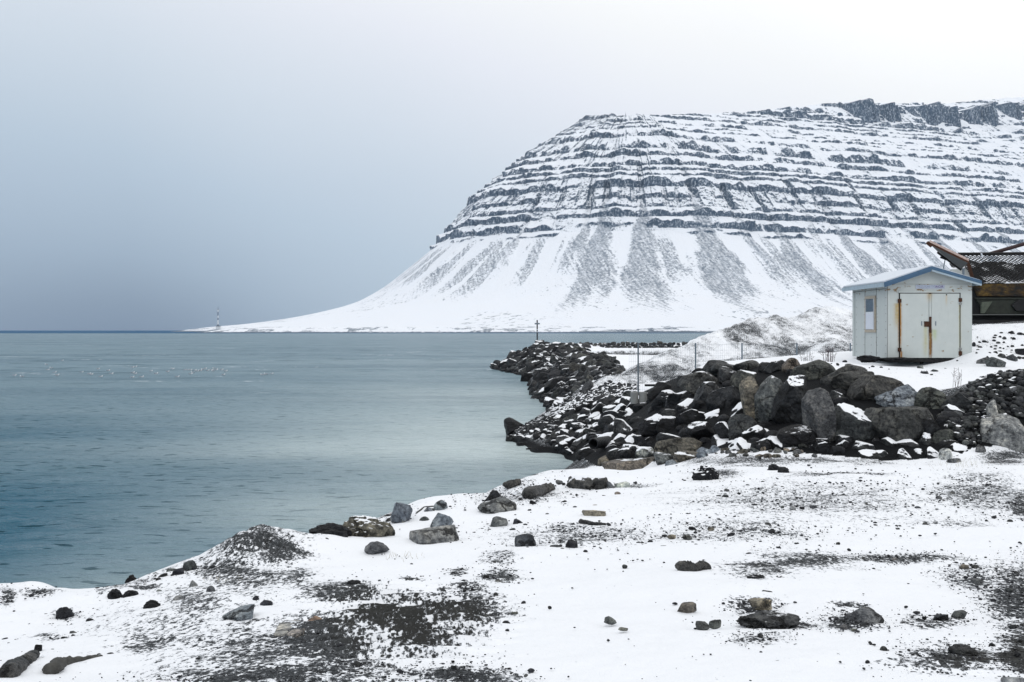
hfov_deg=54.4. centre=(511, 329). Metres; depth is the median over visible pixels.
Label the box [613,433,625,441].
boulder
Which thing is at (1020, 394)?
cobble
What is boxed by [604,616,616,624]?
stone
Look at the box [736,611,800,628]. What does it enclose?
stone
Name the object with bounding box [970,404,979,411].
cobble
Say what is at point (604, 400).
boulder
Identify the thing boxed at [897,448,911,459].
boulder
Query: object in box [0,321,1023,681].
ground
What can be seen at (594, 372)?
armour stone
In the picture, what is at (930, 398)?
boulder
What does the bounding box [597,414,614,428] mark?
boulder
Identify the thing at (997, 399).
cobble
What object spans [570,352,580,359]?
armour stone
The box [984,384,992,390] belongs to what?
cobble
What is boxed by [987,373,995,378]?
cobble
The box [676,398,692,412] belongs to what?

***

> **Exercise description**
Restate word for word every line from the one containing "What object spans [570,352,580,359]?" through the final line of the listing. Both end lines belong in the answer.

> **Answer below**
What object spans [570,352,580,359]?
armour stone
The box [984,384,992,390] belongs to what?
cobble
What is boxed by [987,373,995,378]?
cobble
The box [676,398,692,412] belongs to what?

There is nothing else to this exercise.